Foreword: When I was working before, I used python to complete a command line window that used the serial port to send SCPI and interact with the microcontroller. When implementing the function, I found that python was used to process the data. The result, whether it is the return of the final correct value or the return of an error value, can be directly returned to the main interface. Obviously it is not possible to directly return data with different meanings, so an exception mechanism is used to handle data with wrong values. Because I didn’t know much about anomalies before, I checked some information here and compiled a few notes.

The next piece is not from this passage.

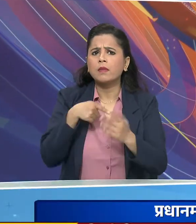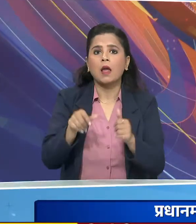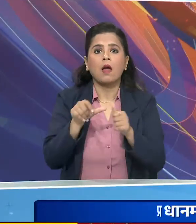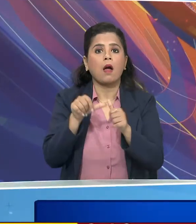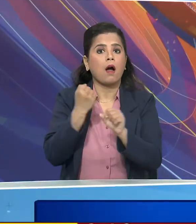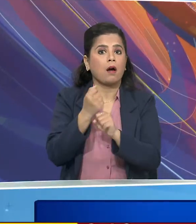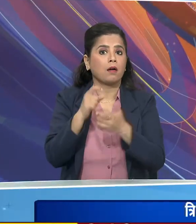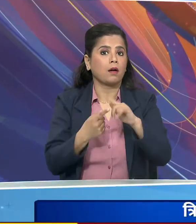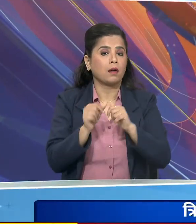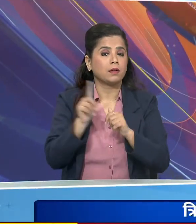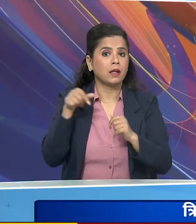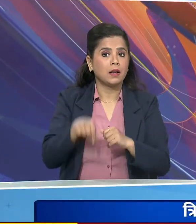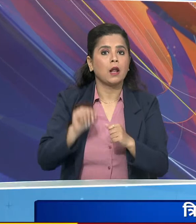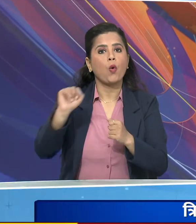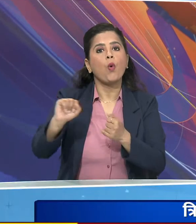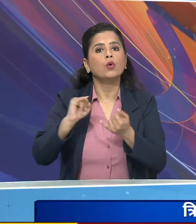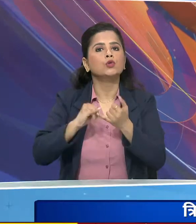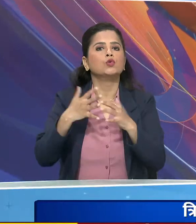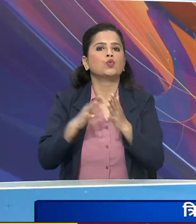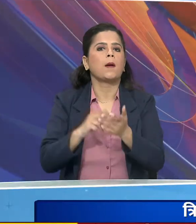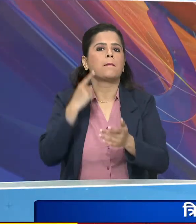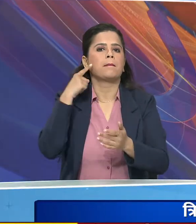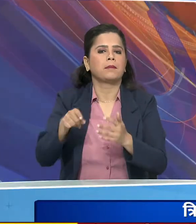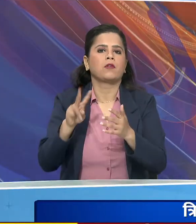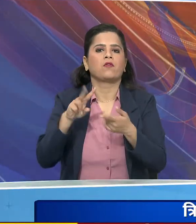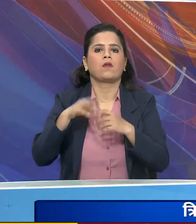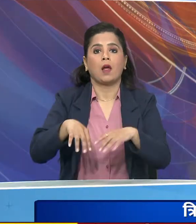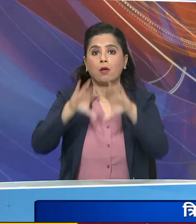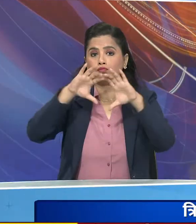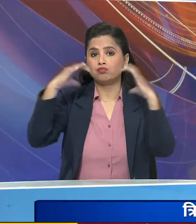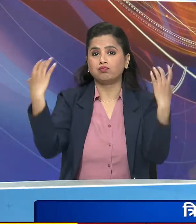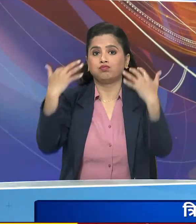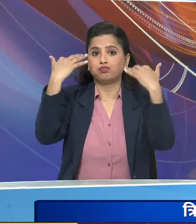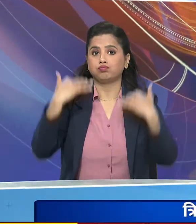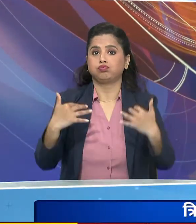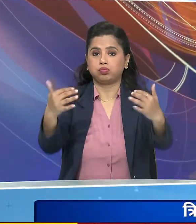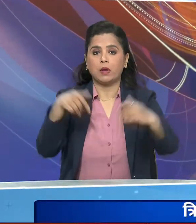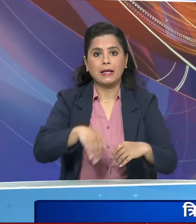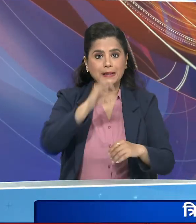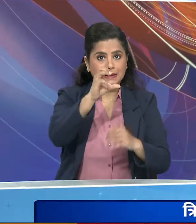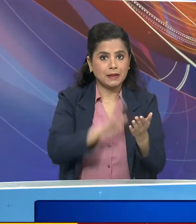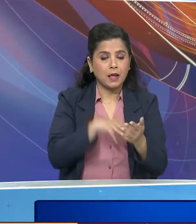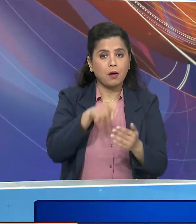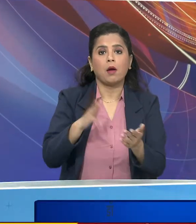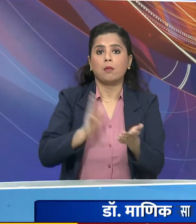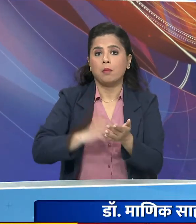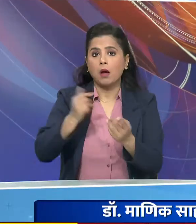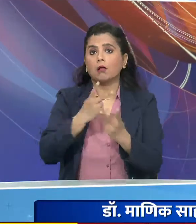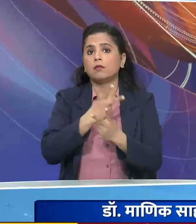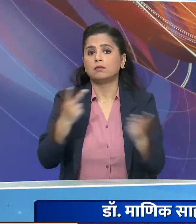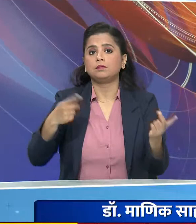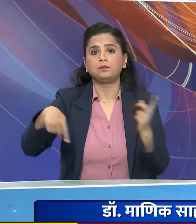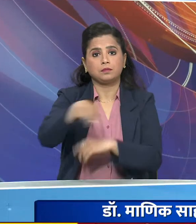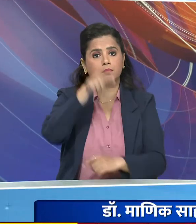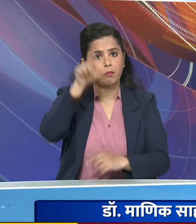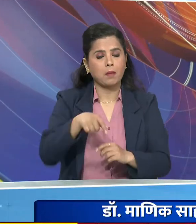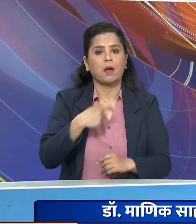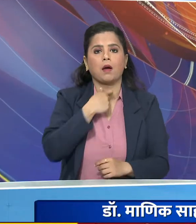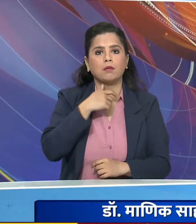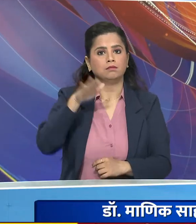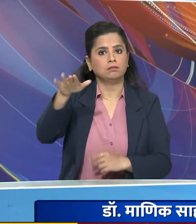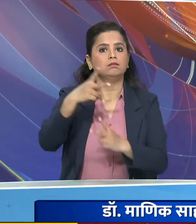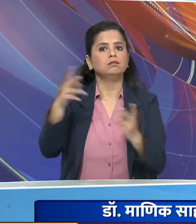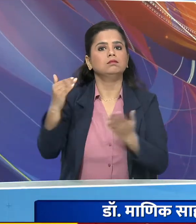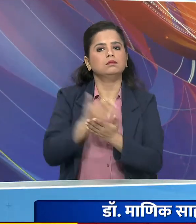के स्वामी विवेकरनंद ग्राउंड में होगा जहां मुख्य मंत्री के साथ मंत्री परिशत के सदस्यों का भी शपत

Understand Python's exception mechanism

Article Directory

  • 1. Understanding of exceptions
    • 1. What is an exception?
    • 2. The difference between errors and exceptions
    • 3. Common types of python exceptions
  • 2. python’s five major exception handling mechanisms
    • 1. Default exception handling mechanism
    • 2. try....except....processing mechanism
    • 3. try...except...finally..... processing mechanism
    • 4. assert assertion processing mechanism
    • 5. with...as processing mechanism
  • 3. python exception customization
    • 1.Exception customization
    • 2.Exception throwing raise
    • 3. Exception catching
  • 4. Precautions for using exceptions
    • 1. Don’t rely too much on the exception mechanism
    • 2. Don’t Introducing too much code into the try block
    • 3. Don’t ignore caught exceptions
  • Summary

(Free learning recommendation: python video tutorial)

1. Understanding of exceptions

1. What is abnormality?

 Abnormality means "different from normal conditions". What is normal? Normal means that when the interpreter interprets the code, the code we write conforms to the rules defined by the interpreter, which is normal. When the interpreter finds that a certain piece of code conforms to the grammar but may be abnormal , the interpreter will issue an event to interrupt the normal execution of the program. This interrupt signal is an Exception signal. Therefore, the overall explanation is that when the interpreter detects an error in the program, an exception will be generated. If the program does not handle it, the exception will be thrown and the program will terminate . We can write an int ("m") in a blank .py file, and the result after running is as follows.
Understand Pythons exception mechanism

This string of fonts is a series of error messages thrown by the interpreter, because the parameters passed in int() only support numeric strings and numbers. Obviously 'm' does not belong to numbers. The input string parameter is wrong, so the interpreter reports a "valueError" error.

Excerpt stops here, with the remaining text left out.